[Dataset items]
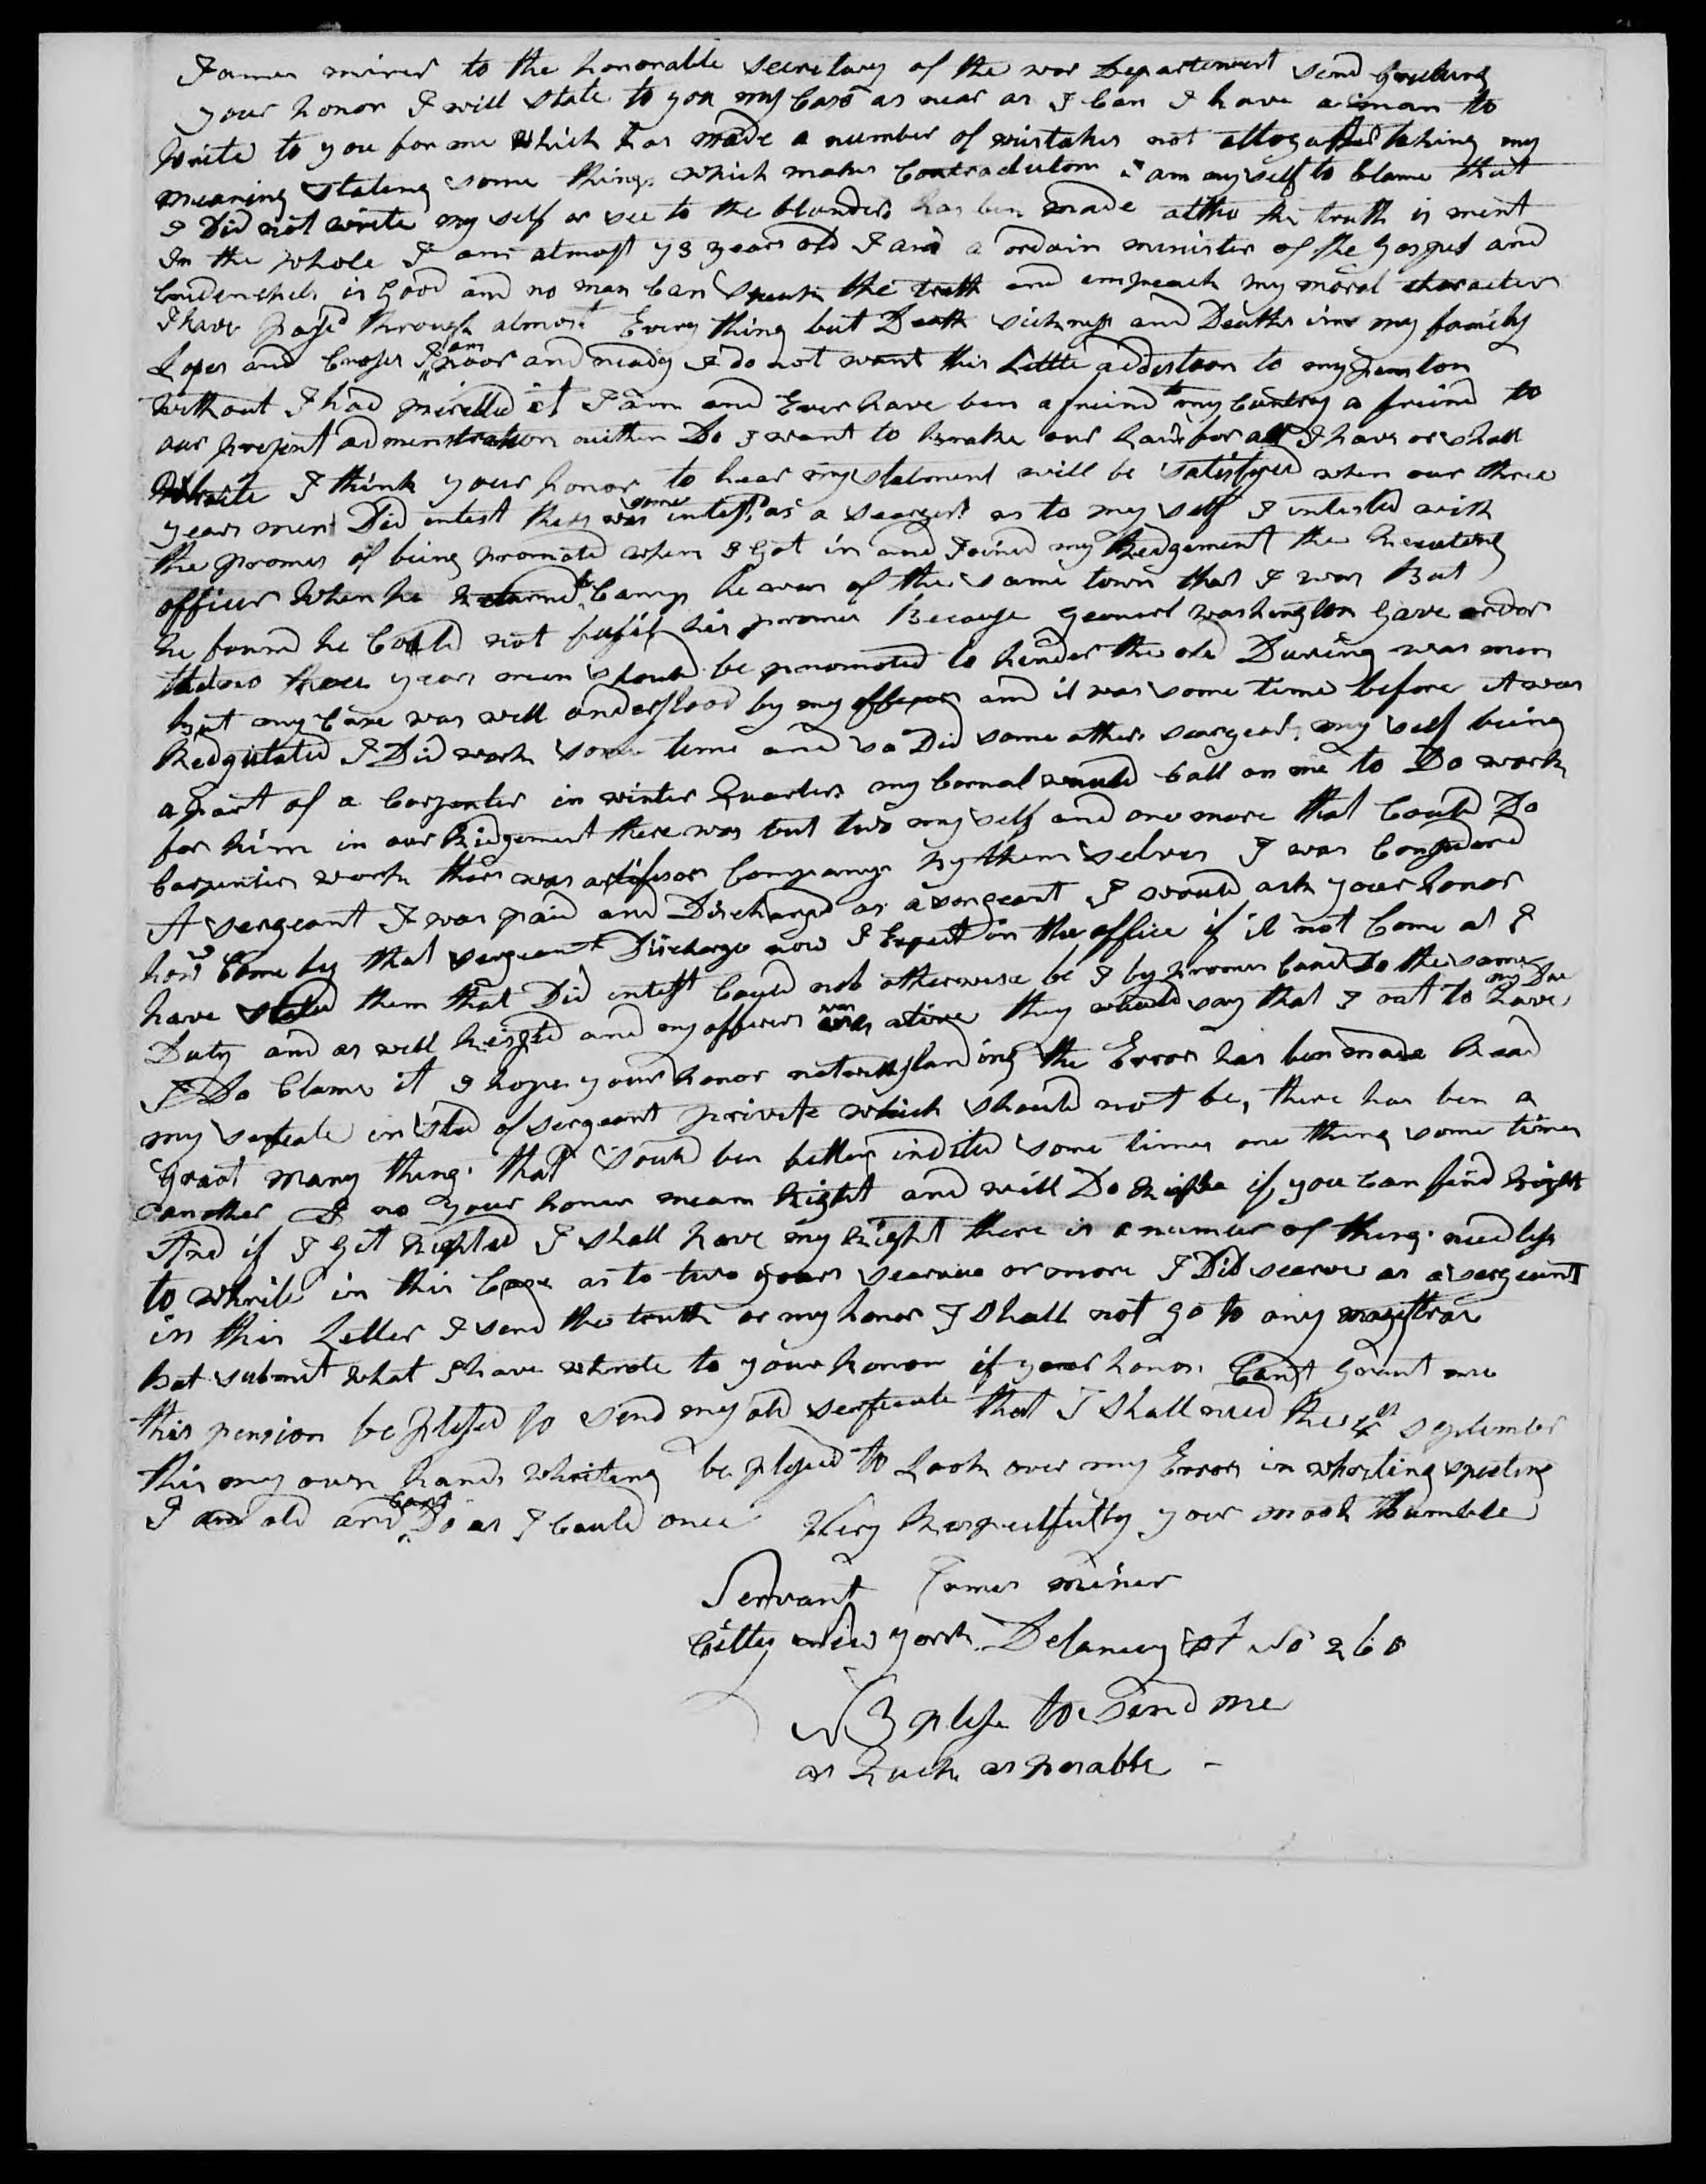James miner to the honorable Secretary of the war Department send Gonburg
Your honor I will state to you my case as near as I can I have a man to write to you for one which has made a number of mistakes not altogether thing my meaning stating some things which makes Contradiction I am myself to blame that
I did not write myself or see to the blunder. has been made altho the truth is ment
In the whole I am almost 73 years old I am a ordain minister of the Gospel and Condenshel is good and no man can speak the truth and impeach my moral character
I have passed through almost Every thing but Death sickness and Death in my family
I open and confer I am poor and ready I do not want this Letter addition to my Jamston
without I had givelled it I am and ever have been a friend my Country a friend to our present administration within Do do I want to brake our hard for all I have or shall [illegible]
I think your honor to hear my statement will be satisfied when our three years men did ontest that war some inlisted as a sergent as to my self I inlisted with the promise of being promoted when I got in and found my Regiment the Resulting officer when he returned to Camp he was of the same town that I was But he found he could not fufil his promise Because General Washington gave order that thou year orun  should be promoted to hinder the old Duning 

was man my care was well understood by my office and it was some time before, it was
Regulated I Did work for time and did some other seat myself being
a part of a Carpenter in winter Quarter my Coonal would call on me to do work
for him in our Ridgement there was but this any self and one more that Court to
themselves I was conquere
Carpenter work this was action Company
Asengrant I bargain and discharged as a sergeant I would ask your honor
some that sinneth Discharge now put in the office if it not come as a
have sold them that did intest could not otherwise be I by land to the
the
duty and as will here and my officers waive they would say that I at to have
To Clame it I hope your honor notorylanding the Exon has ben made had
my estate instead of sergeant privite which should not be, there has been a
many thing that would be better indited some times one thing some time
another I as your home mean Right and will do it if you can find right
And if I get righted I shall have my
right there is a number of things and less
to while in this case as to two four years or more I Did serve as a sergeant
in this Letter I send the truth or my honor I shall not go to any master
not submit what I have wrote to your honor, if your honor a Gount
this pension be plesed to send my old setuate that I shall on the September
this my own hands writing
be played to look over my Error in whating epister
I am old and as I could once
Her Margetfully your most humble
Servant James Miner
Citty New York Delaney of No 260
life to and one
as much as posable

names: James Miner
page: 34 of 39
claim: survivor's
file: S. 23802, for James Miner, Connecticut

==

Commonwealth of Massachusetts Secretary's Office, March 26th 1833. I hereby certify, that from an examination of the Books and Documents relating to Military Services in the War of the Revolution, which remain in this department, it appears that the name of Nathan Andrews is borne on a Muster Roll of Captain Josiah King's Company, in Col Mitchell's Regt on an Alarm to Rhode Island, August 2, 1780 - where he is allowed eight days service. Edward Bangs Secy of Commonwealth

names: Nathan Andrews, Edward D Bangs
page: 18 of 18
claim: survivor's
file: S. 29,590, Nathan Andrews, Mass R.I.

* * *

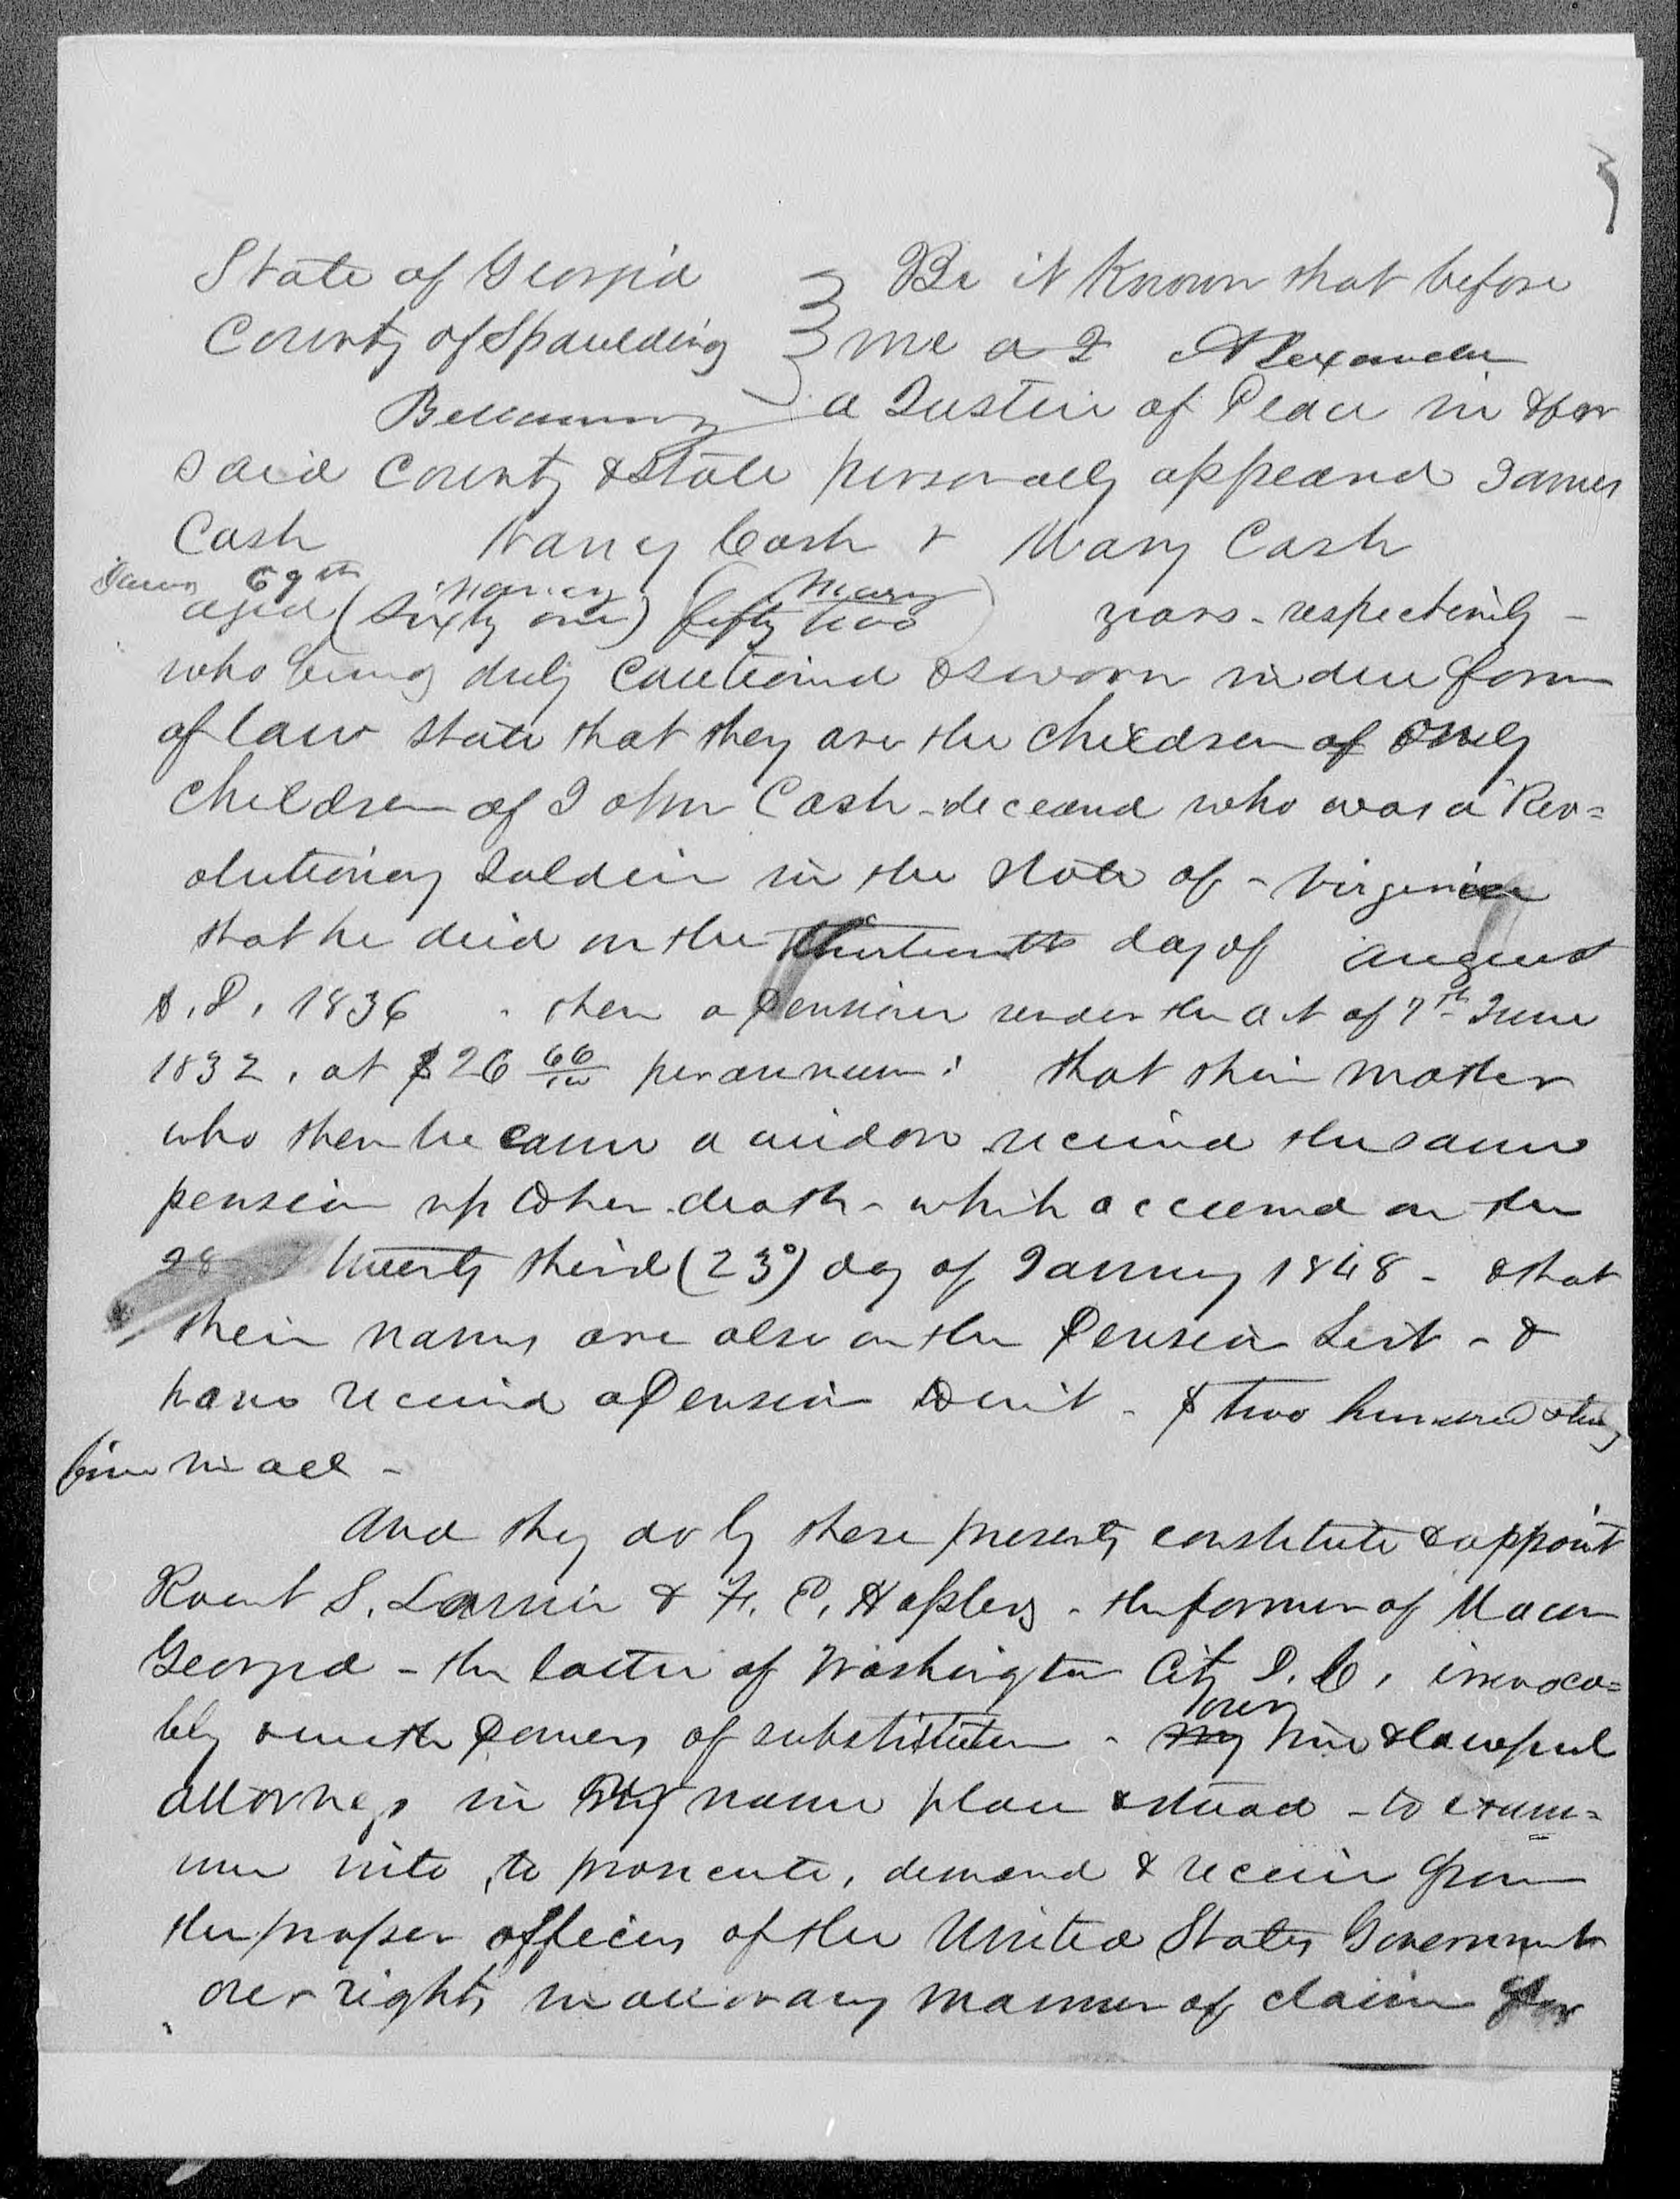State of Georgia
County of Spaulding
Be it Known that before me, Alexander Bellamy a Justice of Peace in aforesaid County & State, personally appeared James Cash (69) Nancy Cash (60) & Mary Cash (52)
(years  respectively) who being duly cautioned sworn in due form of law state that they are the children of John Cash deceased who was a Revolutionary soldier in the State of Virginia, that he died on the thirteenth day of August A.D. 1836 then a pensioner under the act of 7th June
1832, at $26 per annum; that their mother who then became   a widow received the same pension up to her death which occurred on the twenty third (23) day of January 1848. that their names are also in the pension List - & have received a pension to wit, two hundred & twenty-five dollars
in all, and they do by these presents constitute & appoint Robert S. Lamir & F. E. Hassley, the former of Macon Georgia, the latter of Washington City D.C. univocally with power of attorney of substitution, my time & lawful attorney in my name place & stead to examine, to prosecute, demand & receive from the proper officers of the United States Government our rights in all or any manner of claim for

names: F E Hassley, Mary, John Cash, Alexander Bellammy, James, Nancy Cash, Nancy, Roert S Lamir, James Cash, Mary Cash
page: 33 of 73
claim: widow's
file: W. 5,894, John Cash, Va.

# Problem statement
For the word "things", report how many lines of the records contain it; respond with the number only.

# Solution to the problem
2